Source code for pywick.datasets.tnt.batchdataset

import math
from pywick.datasets.tnt.dataset import Dataset
from . import transform

__all__ = ['BatchDataset']


[docs]class BatchDataset(Dataset):
    """
    Dataset which batches the data from a given dataset.

    Given a `dataset`, `BatchDataset` merges samples from this dataset to
    form a new sample which can be interpreted as a batch of size `batchsize`.

    The `merge` function controls how the batching is performed. By default
    the occurrences are supposed to be tensors, and they aggregated along the
    first dimension.

    It is often important to shuffle examples while performing the batch
    operation. `perm(idx, size)` is a function which returns the shuffled index
    of the sample at position `idx` in the underlying dataset. For convenience,
    the `size` of the underlying dataset is also passed to the function. By
    default, the function is the identity.

    The underlying dataset size might or might not be always divisible by
    `batchsize`.  The optional `policy` string specify how to handle corner
    cases.

    Purpose: the concept of batch is problem dependent. In *torchnet*, it is up
    to the user to interpret a sample as a batch or not. When one wants to
    assemble samples from an existing dataset into a batch, then
    `BatchDataset` is suited for the job. Sometimes it is however more
    convenient to write a dataset from scratch providing "batched" samples.

    Args:
        dataset (Dataset): Dataset to be batched.
        batchsize (int): Size of the batch.
        perm (function, optional): Function used to shuffle the dataset before
            batching. `perm(idx, size)` should return the shuffled index of
            `idx`th sample. By default, the function is the identity.
        merge (function, optional): Function to control batching behaviour.
             `transform.makebatch(merge)` is used to make the batch.

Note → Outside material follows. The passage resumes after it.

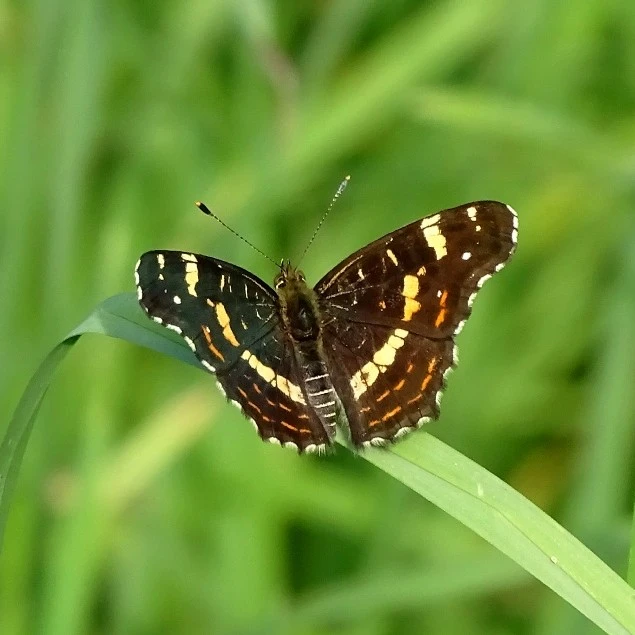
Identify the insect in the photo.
Araschnia levana
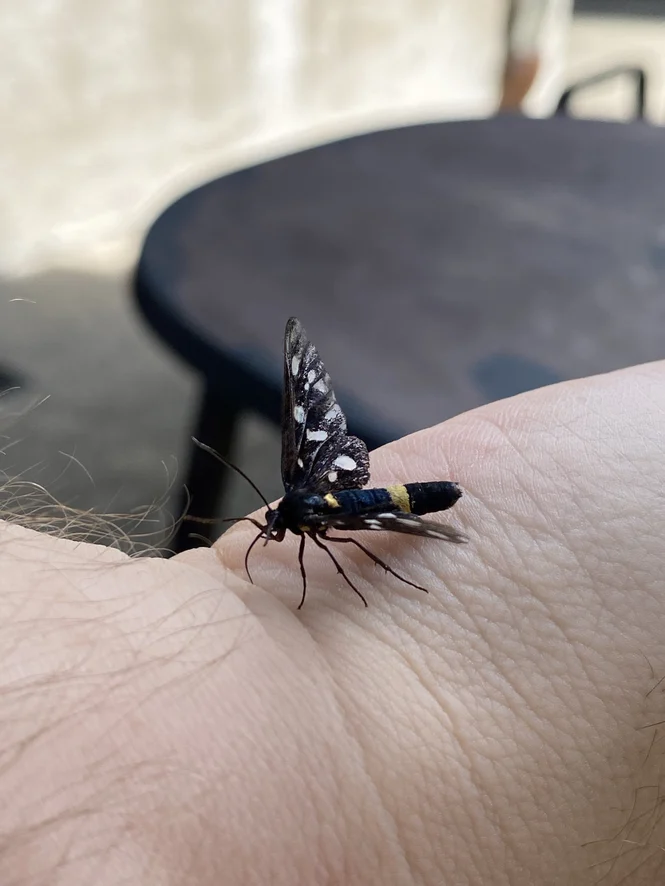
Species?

Default is
             None.
        policy (str, optional): Policy to handle the corner cases when the
            underlying dataset size is not divisible by `batchsize`. One of
            (`include-last`, `skip-last`, `divisible-only`).

            - `include-last` makes sure all samples of the underlying dataset
               will be seen, batches will be of size equal or inferior to
               `batchsize`.
            - `skip-last` will skip last examples of the underlying dataset if
               its size is not properly divisible. Batches will be always of
               size equal to `batchsize`.
            - `divisible-only` will raise an error if the underlying dataset
               has not a size divisible by `batchsize`.
        filter (function, optional): Function to filter the sample before
            batching. If `filter(sample)` is True, then sample is included for
            batching. Otherwise, it is excluded. By default, `filter(sample)`
            returns True for any `sample`.

    """

    def __init__(self,
                 dataset,
                 batchsize,
                 perm=lambda idx, size: idx,
                 merge=None,
                 policy='include-last',
                 filter=lambda sample: True):
        super(BatchDataset, self).__init__()
        self.dataset = dataset
        self.perm = perm
        self.batchsize = batchsize
        self.policy = policy
        self.filter = filter
        self.makebatch = transform.makebatch(merge)
        len(self)

    def __len__(self):
        if self.policy == 'include-last':
            return int(math.ceil(float(len(self.dataset) / self.batchsize)))
        elif self.policy == 'skip-last':
            return int(math.floor(float(len(self.dataset) / self.batchsize)))
        elif self.policy == 'divisible-only':
            if len(self.dataset) % self.batchsize != 0:
                raise AssertionError('dataset size is not divisible by batch size')
            return len(self.dataset) / self.batchsize
        else:
            if not False:
                raise AssertionError('invalid policy (include-last | skip-last | \
                divisible-only expected)')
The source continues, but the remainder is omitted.